I will be giving a seminar within the Faculty of Health and Social Care Sciences on 11 October 2012, 13:00 to 14:00, introducing for the first time some methodological work that has taken up a lot of energy over the last two years. All are welcome; it would be helpful if you e-mailed N.Greenwood@sgul.kingston.ac.uk so we can get the numbers right. I will be submitting the paper soon so it could be a while before this appears again in the public eye! I am not one to exaggerate my own work but I think this is an important new method for epidemiology and observational studies generally.

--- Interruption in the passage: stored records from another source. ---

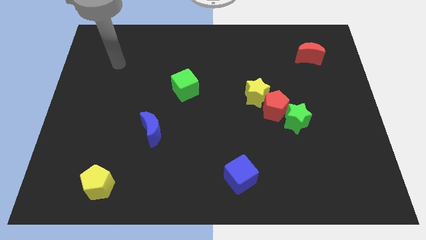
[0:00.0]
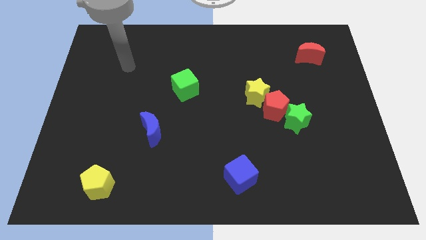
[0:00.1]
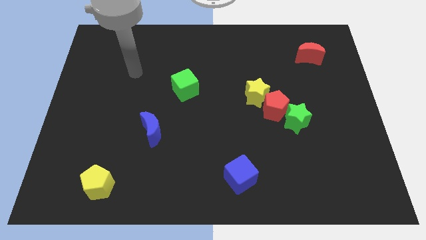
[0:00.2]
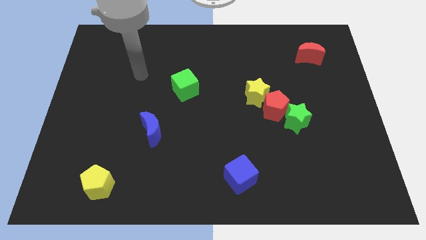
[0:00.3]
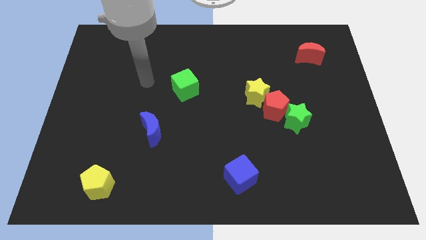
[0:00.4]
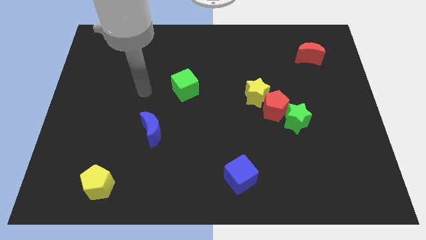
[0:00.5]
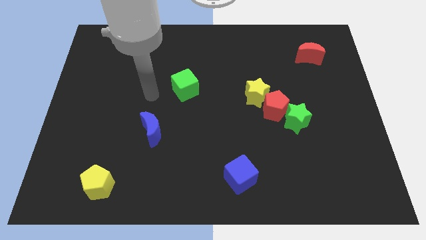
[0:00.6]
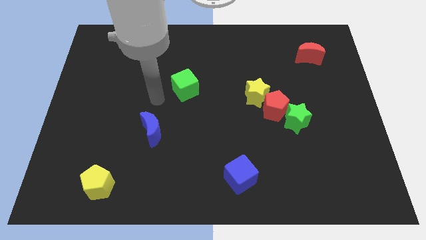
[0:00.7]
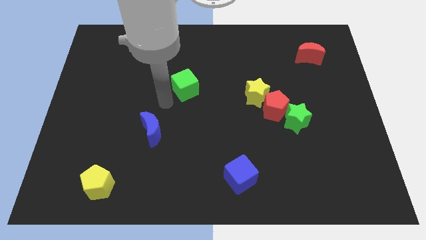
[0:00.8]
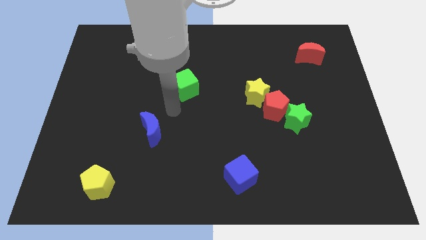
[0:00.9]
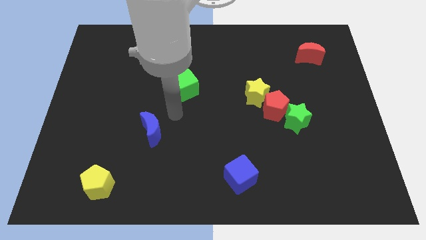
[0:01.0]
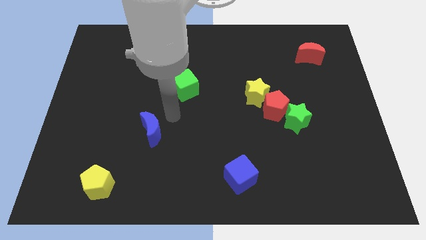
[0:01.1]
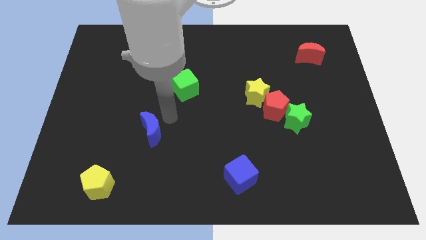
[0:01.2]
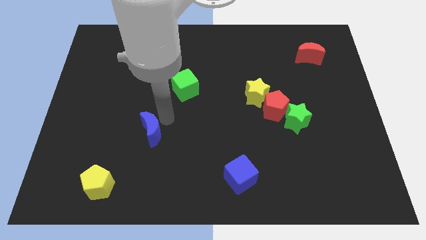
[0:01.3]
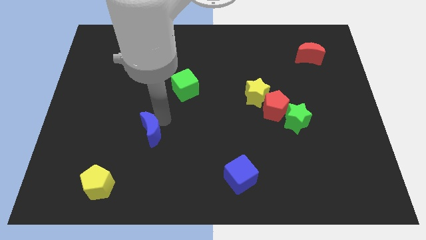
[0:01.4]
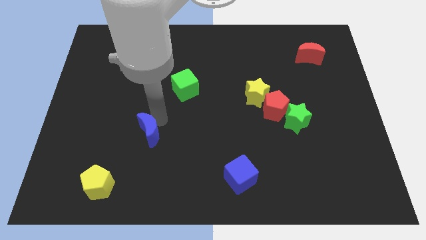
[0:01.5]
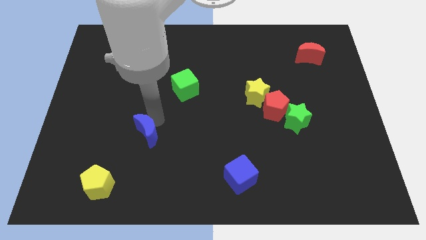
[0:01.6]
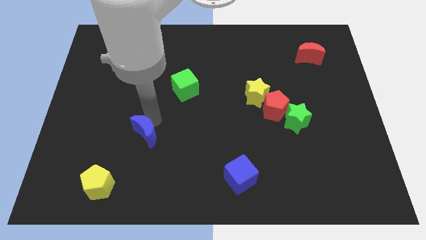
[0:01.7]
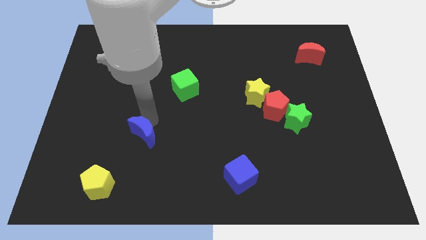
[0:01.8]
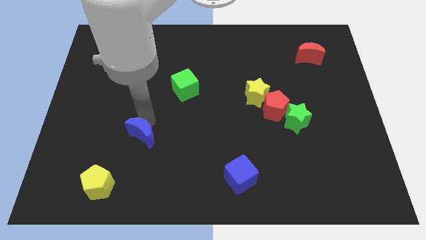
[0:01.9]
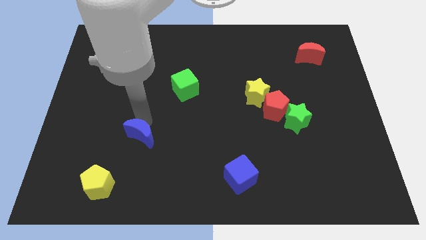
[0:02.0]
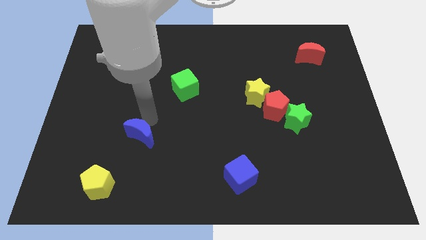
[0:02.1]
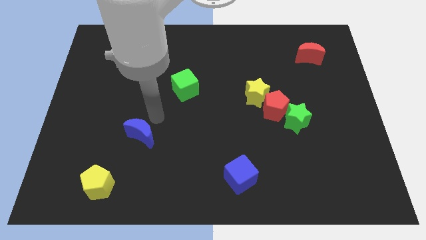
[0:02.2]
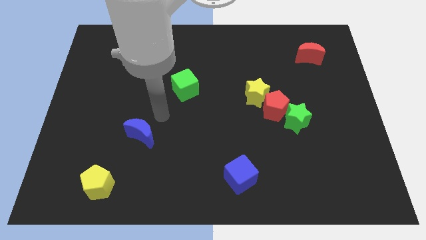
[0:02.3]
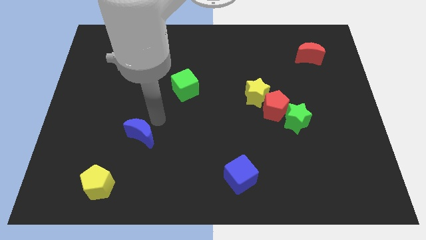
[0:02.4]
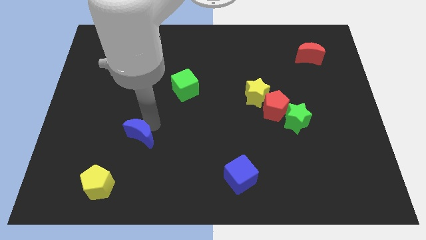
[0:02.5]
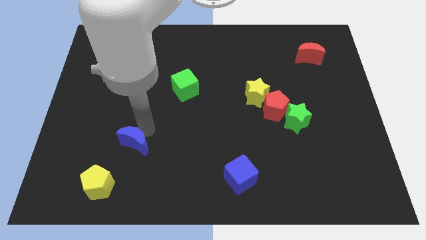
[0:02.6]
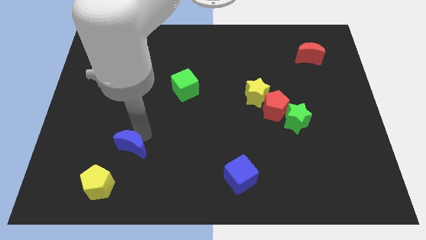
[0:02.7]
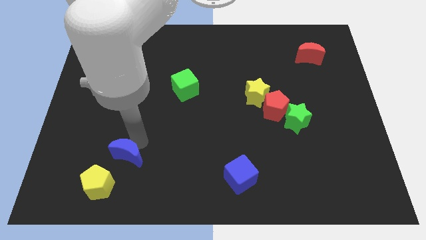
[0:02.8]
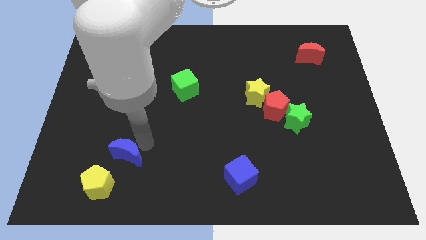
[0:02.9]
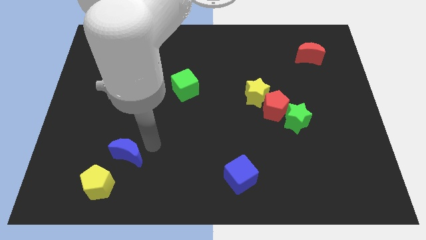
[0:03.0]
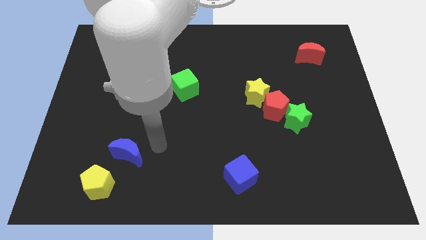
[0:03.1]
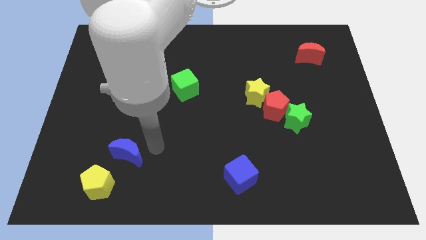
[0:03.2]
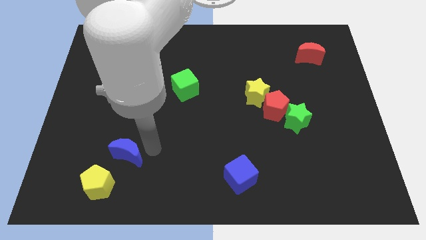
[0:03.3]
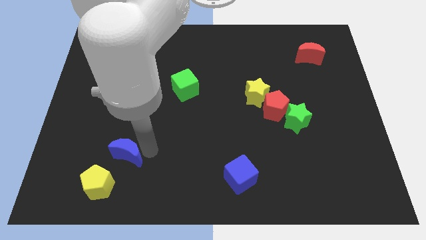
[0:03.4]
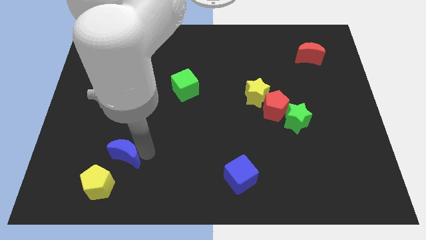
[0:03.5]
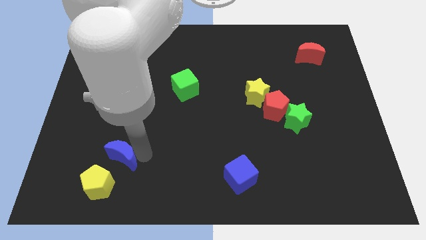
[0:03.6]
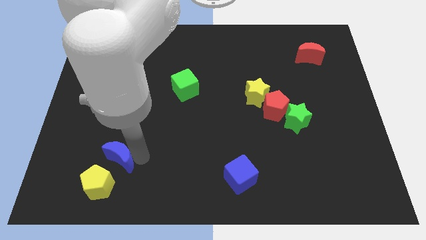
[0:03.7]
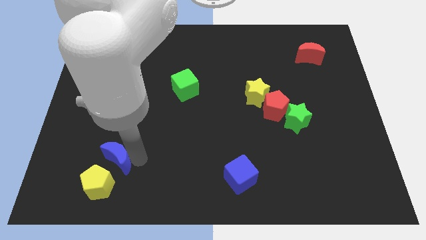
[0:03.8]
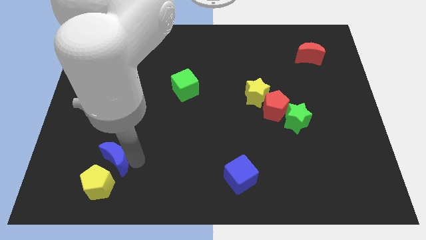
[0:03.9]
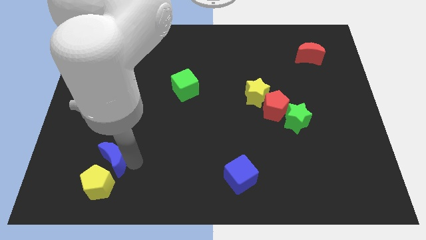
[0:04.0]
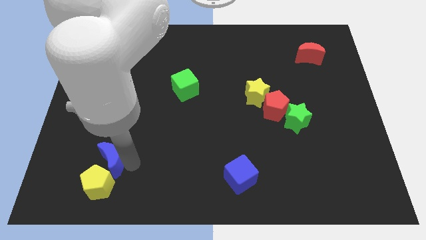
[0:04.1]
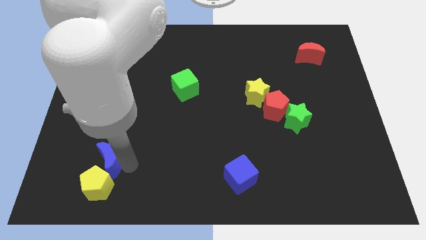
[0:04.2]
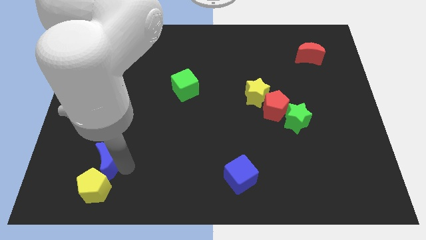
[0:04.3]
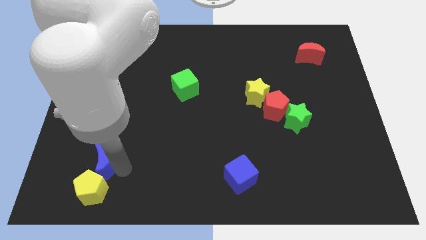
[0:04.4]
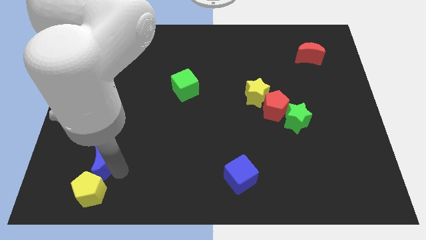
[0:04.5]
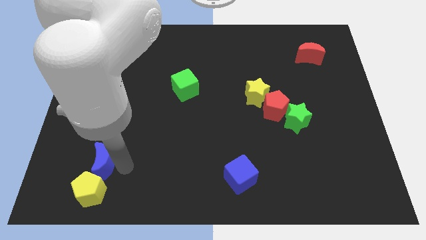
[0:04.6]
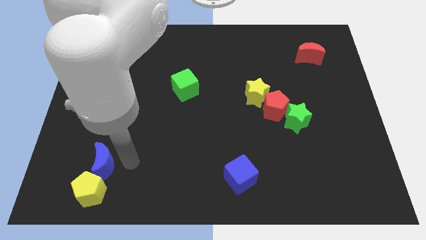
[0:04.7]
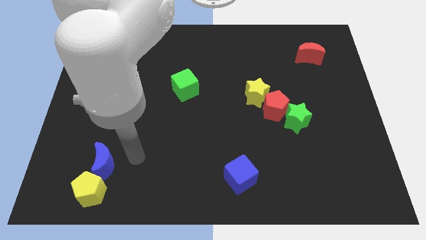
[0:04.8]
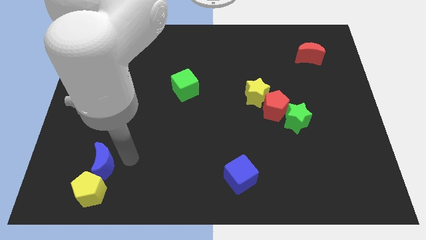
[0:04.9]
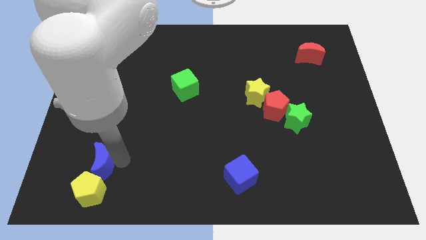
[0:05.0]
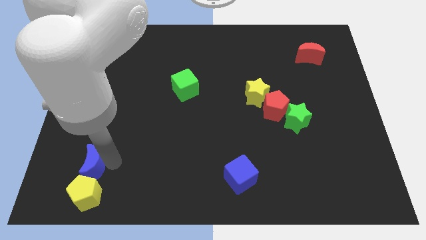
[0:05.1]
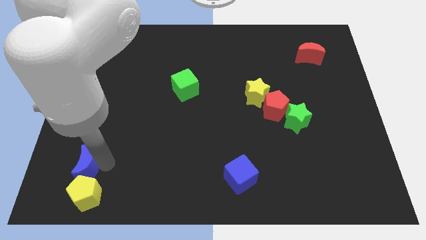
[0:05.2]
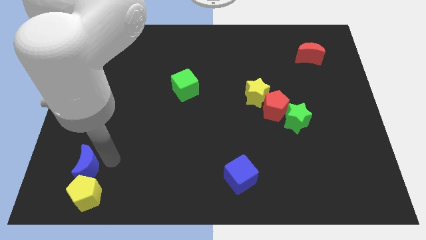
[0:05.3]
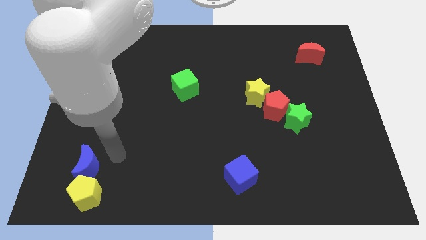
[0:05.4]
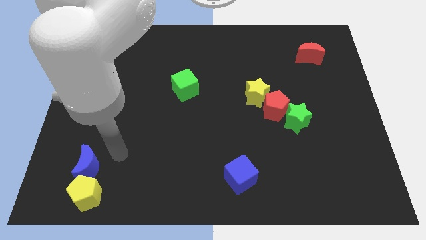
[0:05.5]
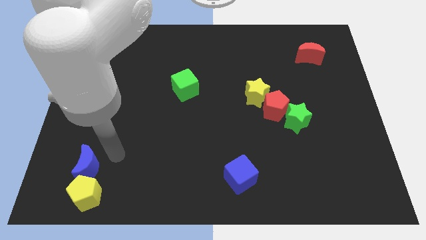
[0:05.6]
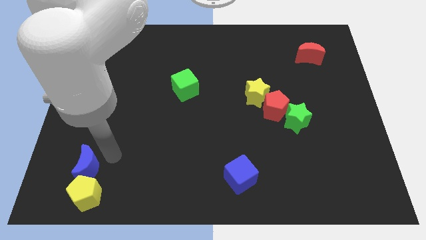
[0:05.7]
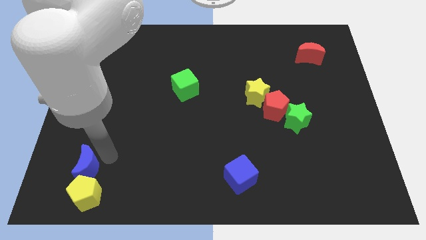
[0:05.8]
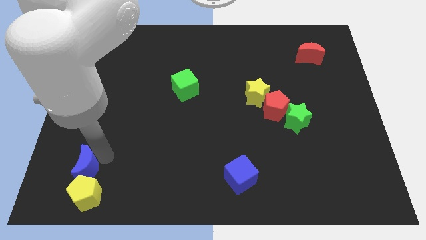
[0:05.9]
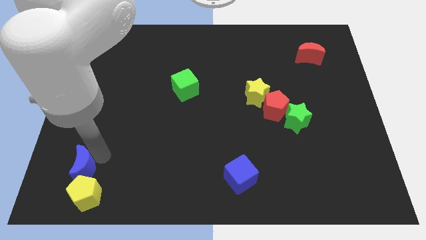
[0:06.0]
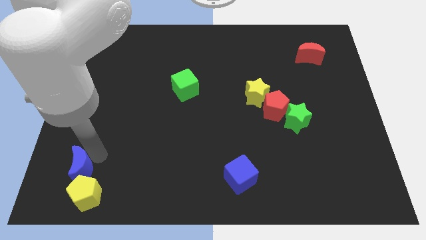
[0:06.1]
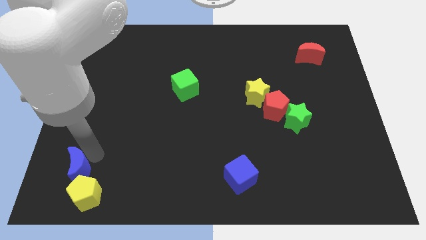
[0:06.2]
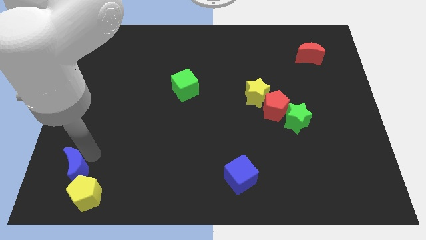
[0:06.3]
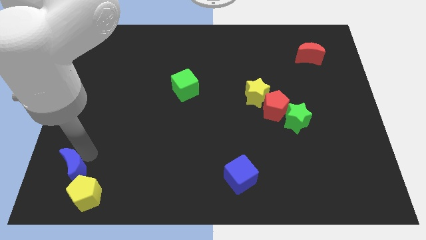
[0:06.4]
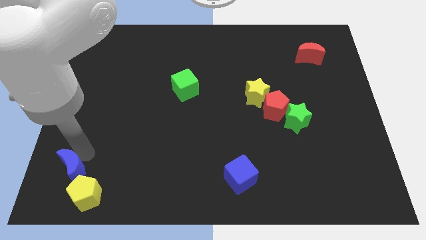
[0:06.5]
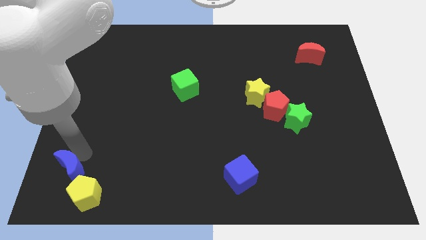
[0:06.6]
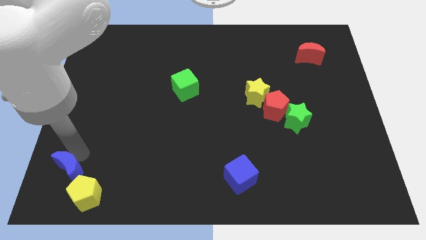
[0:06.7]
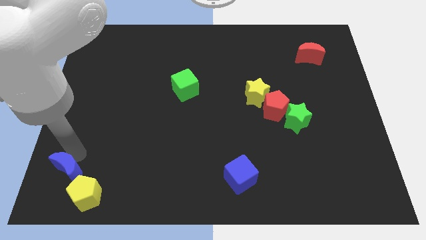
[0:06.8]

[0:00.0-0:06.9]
push the blue moon to the bottom left corner

Title: A new method for dealing with residual confounding: a practical introduction for researchers
In this seminar I will outline recent work I have carried out to develop a new statistical method, in practical and non-mathematical terms. Confounding is an almost universal problem in observational (non-randomised) studies, where the predictor of interest is correlated with other factors, causing one to over- or under-estimate the effect it truly has on an outcome. There are many tools for separating the predictor of interest from the confounder, but these fail if the confounder has been imperfectly measured, for example recording smoking simply as current / ex / never. This is the situation called residual confounding, and the received wisdom is that nothing can be done about it.
It is however possible to adapt modern methods for missing data (multiple imputation) and use this to correct the imperfections and remove residual confounding. Some assumptions have to be made and these are safer in some situations than others. I will explain what is required in terms of information and expertise, and show some examples.